Given data START

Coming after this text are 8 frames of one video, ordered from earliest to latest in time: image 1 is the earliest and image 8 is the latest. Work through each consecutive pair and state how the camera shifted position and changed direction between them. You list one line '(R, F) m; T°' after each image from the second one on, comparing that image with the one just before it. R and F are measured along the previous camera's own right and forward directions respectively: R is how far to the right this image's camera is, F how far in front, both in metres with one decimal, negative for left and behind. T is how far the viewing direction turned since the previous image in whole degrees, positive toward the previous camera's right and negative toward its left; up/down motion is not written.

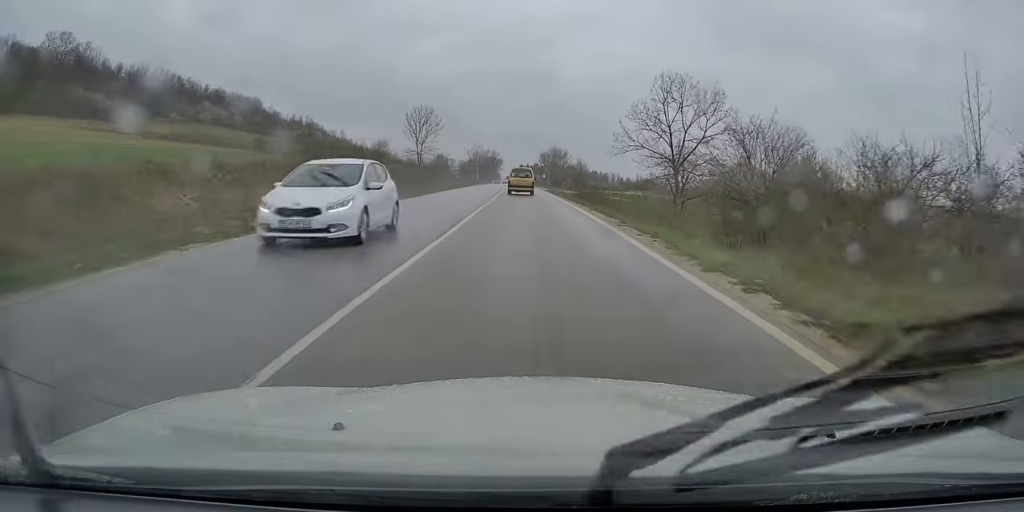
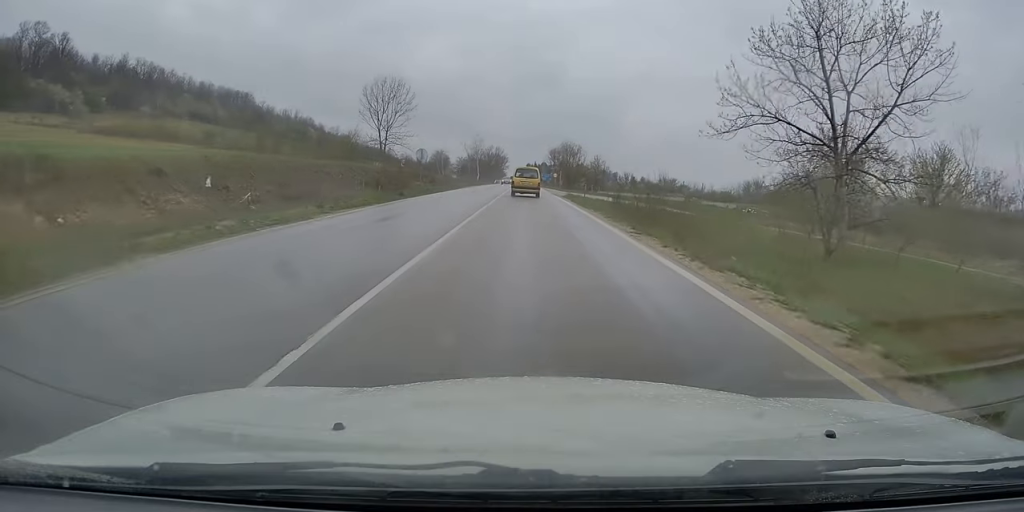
(0.0, +20.7) m; 0°
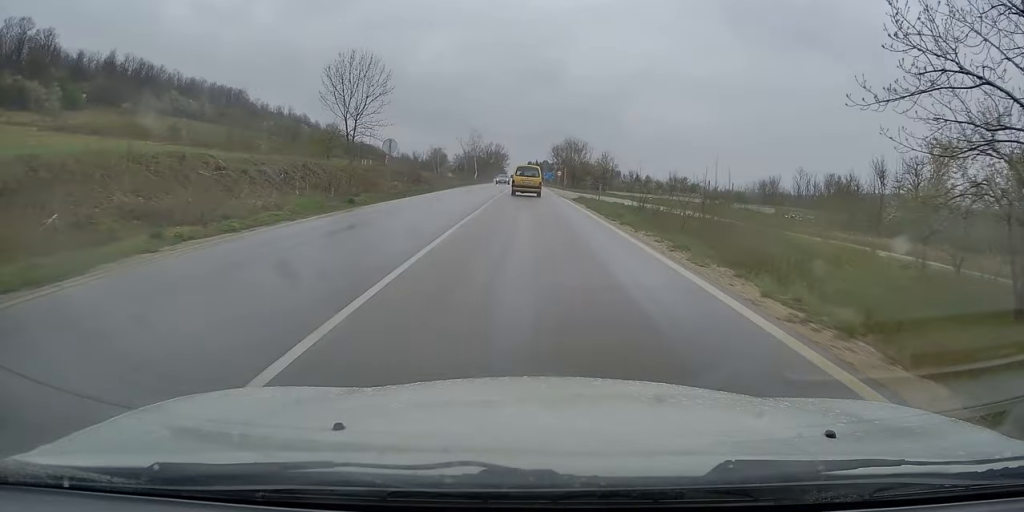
(-0.1, +9.5) m; 0°
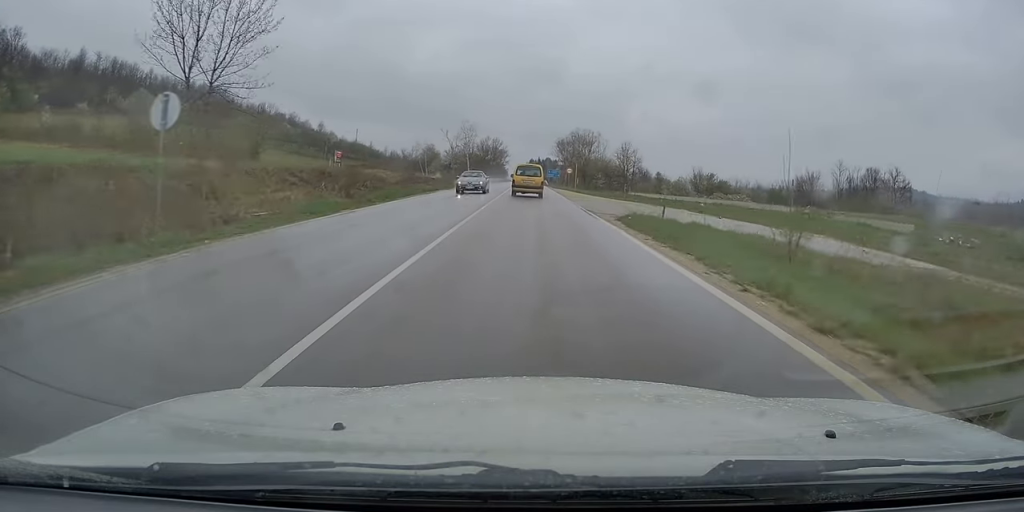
(0.0, +19.4) m; -1°
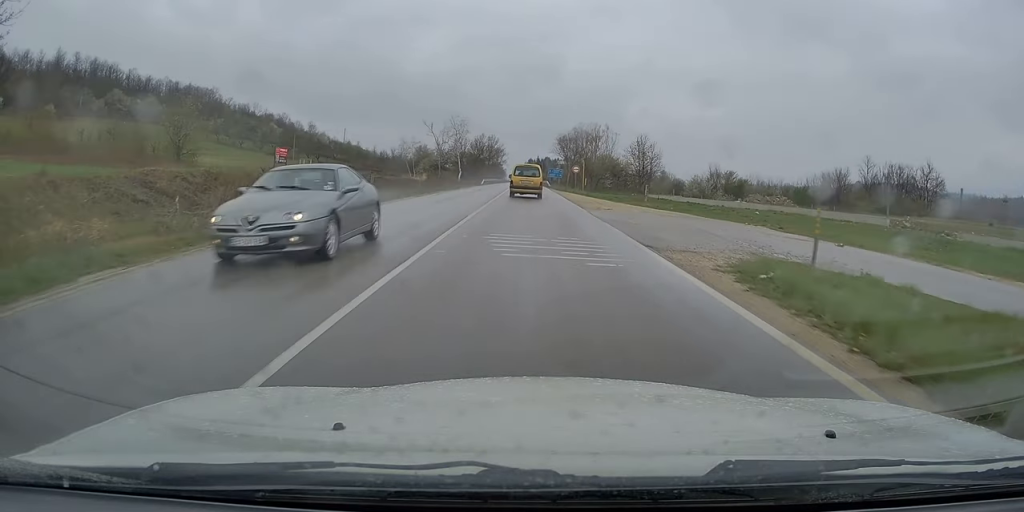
(-0.2, +12.2) m; 0°
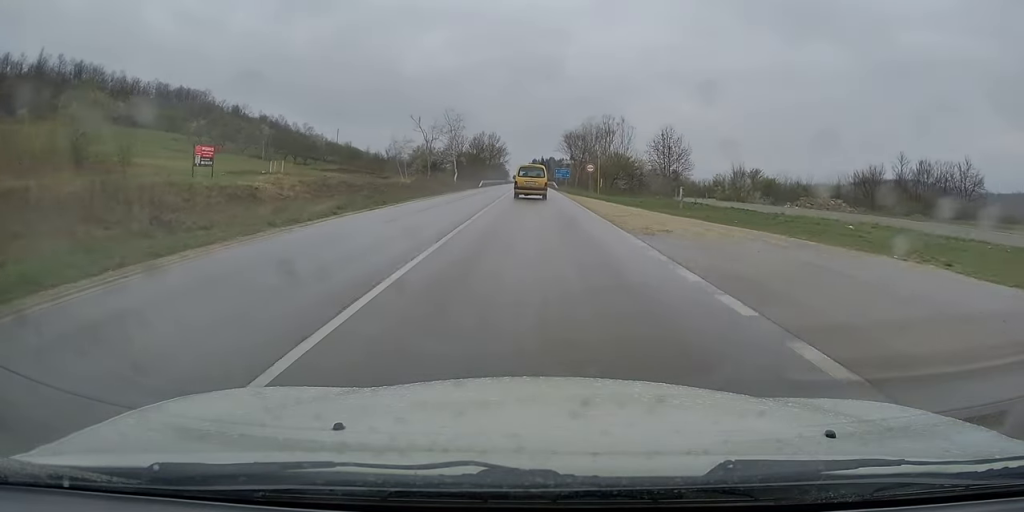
(0.0, +10.9) m; 0°
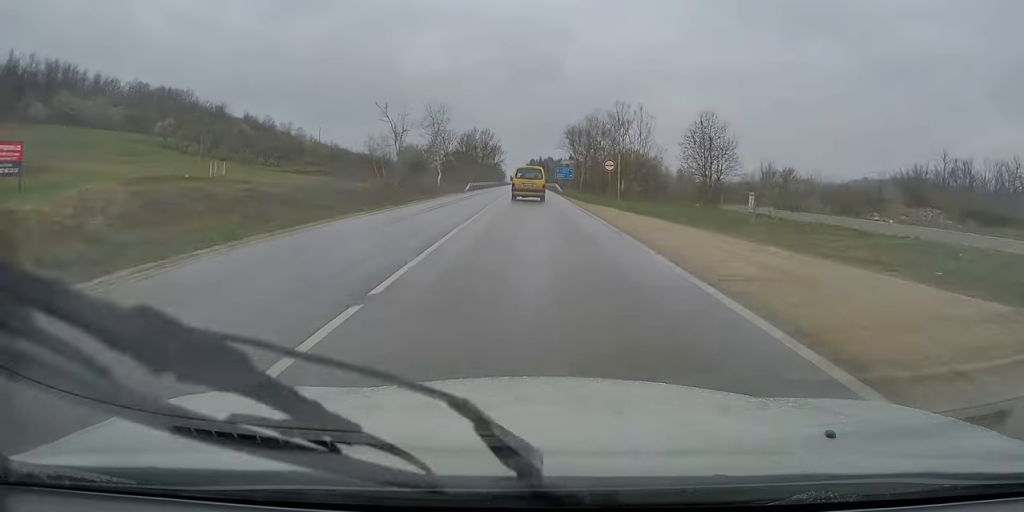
(0.0, +14.1) m; +1°
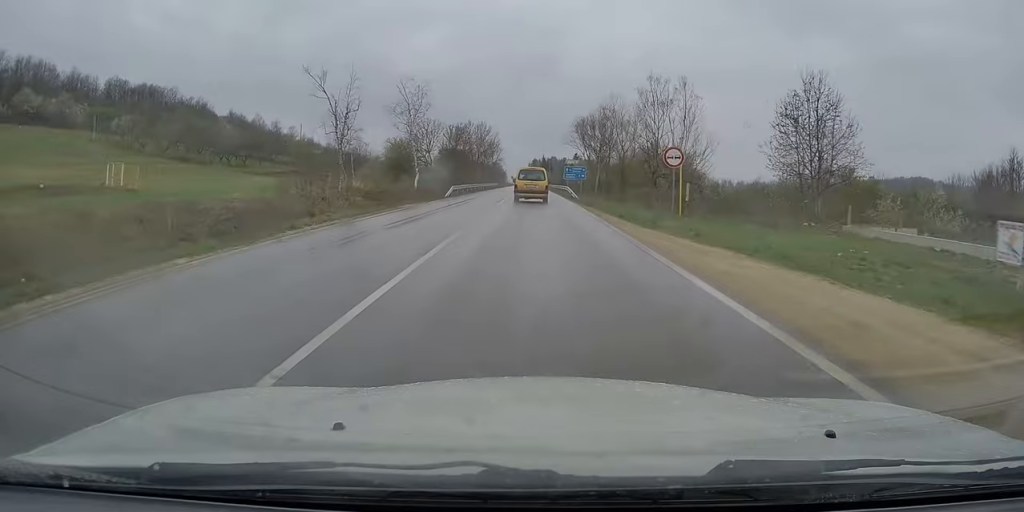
(+0.2, +16.8) m; +1°

Given data END

Task to complete:
Copy out the lines above in full and unaltered, apart from the pictures.

Reply to the task:
Coming after this text are 8 frames of one video, ordered from earliest to latest in time: image 1 is the earliest and image 8 is the latest. Work through each consecutive pair and state how the camera shifted position and changed direction between them. You list one line '(R, F) m; T°' after each image from the second one on, comparing that image with the one just before it. R and F are measured along the previous camera's own right and forward directions respectively: R is how far to the right this image's camera is, F how far in front, both in metres with one decimal, negative for left and behind. T is how far the viewing direction turned since the previous image in whole degrees, positive toward the previous camera's right and negative toward its left; up/down motion is not written.

(0.0, +20.7) m; 0°
(-0.1, +9.5) m; 0°
(0.0, +19.4) m; -1°
(-0.2, +12.2) m; 0°
(0.0, +10.9) m; 0°
(0.0, +14.1) m; +1°
(+0.2, +16.8) m; +1°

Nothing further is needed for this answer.